**Task details**.
Take the lines below from the one with "[diagram: clean part render]" through the one with "#1755=VERTEX_POINT('',#4244);" and print only them, exactly. Don't print the pictures.
- Opening Delimiter -
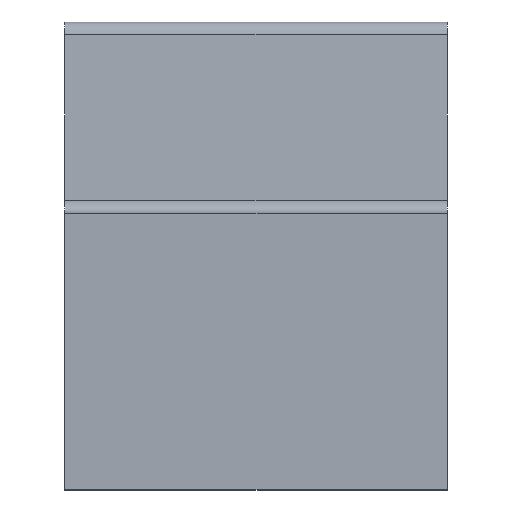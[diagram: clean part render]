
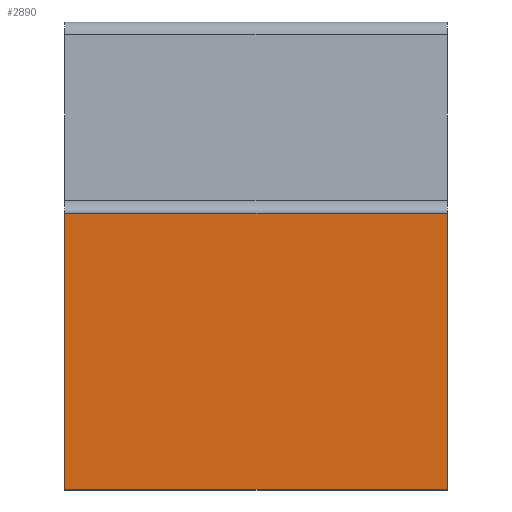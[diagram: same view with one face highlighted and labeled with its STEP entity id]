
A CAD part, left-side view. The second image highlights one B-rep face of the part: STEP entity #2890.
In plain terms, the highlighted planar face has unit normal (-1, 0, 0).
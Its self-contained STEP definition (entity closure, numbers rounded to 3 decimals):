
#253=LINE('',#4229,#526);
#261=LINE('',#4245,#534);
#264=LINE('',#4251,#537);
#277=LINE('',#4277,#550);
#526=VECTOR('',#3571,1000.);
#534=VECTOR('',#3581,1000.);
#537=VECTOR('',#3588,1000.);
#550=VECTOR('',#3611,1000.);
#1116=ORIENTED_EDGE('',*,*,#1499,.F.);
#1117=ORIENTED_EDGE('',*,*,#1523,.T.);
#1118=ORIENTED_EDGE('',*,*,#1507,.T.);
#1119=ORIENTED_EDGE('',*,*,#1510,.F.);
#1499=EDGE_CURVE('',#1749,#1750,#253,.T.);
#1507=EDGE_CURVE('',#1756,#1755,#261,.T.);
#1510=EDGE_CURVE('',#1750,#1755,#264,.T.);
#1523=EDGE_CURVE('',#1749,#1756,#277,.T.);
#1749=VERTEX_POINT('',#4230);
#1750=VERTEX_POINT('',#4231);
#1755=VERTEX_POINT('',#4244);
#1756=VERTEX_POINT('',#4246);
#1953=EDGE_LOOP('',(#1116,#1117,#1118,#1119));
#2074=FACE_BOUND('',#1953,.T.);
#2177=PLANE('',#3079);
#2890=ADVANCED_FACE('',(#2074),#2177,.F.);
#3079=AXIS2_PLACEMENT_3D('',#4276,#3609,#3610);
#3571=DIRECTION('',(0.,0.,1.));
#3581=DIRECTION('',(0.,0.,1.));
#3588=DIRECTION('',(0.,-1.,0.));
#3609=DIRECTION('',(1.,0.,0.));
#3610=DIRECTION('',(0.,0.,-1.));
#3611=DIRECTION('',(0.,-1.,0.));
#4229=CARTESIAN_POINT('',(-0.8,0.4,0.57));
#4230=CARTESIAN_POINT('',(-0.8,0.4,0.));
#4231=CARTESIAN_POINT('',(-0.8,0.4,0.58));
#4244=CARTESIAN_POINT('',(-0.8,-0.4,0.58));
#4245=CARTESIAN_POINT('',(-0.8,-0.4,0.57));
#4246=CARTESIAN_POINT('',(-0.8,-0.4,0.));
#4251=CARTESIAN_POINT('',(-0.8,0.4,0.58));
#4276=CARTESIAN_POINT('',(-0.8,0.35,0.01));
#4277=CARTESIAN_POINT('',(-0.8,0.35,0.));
- Closing Delimiter -
- Opening Delimiter -
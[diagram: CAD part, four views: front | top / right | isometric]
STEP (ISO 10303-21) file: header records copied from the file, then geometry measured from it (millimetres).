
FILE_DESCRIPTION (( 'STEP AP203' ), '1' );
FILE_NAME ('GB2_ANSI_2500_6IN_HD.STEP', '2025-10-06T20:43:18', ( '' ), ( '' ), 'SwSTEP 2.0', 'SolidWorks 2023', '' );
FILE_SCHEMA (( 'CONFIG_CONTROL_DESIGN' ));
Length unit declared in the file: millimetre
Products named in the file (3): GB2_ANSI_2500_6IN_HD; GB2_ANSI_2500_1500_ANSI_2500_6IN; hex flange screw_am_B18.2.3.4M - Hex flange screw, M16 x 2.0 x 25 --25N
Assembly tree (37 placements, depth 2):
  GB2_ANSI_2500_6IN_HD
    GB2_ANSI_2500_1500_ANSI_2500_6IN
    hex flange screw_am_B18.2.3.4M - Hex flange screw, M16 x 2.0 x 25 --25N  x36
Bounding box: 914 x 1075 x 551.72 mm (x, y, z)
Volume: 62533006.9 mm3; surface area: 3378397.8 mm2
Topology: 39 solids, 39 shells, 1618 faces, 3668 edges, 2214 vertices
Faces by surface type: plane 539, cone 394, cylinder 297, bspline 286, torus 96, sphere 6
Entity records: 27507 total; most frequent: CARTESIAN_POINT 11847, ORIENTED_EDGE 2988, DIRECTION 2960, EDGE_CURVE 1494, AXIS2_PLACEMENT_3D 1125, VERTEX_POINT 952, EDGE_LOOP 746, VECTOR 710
- Closing Delimiter -
**Answer to this exercise**.
[diagram: clean part render]
[diagram: same view with one face highlighted and labeled with its STEP entity id]
A CAD part, left-side view. The second image highlights one B-rep face of the part: STEP entity #2890.
In plain terms, the highlighted planar face has unit normal (-1, 0, 0).
Its self-contained STEP definition (entity closure, numbers rounded to 3 decimals):
#253=LINE('',#4229,#526);
#261=LINE('',#4245,#534);
#264=LINE('',#4251,#537);
#277=LINE('',#4277,#550);
#526=VECTOR('',#3571,1000.);
#534=VECTOR('',#3581,1000.);
#537=VECTOR('',#3588,1000.);
#550=VECTOR('',#3611,1000.);
#1116=ORIENTED_EDGE('',*,*,#1499,.F.);
#1117=ORIENTED_EDGE('',*,*,#1523,.T.);
#1118=ORIENTED_EDGE('',*,*,#1507,.T.);
#1119=ORIENTED_EDGE('',*,*,#1510,.F.);
#1499=EDGE_CURVE('',#1749,#1750,#253,.T.);
#1507=EDGE_CURVE('',#1756,#1755,#261,.T.);
#1510=EDGE_CURVE('',#1750,#1755,#264,.T.);
#1523=EDGE_CURVE('',#1749,#1756,#277,.T.);
#1749=VERTEX_POINT('',#4230);
#1750=VERTEX_POINT('',#4231);
#1755=VERTEX_POINT('',#4244);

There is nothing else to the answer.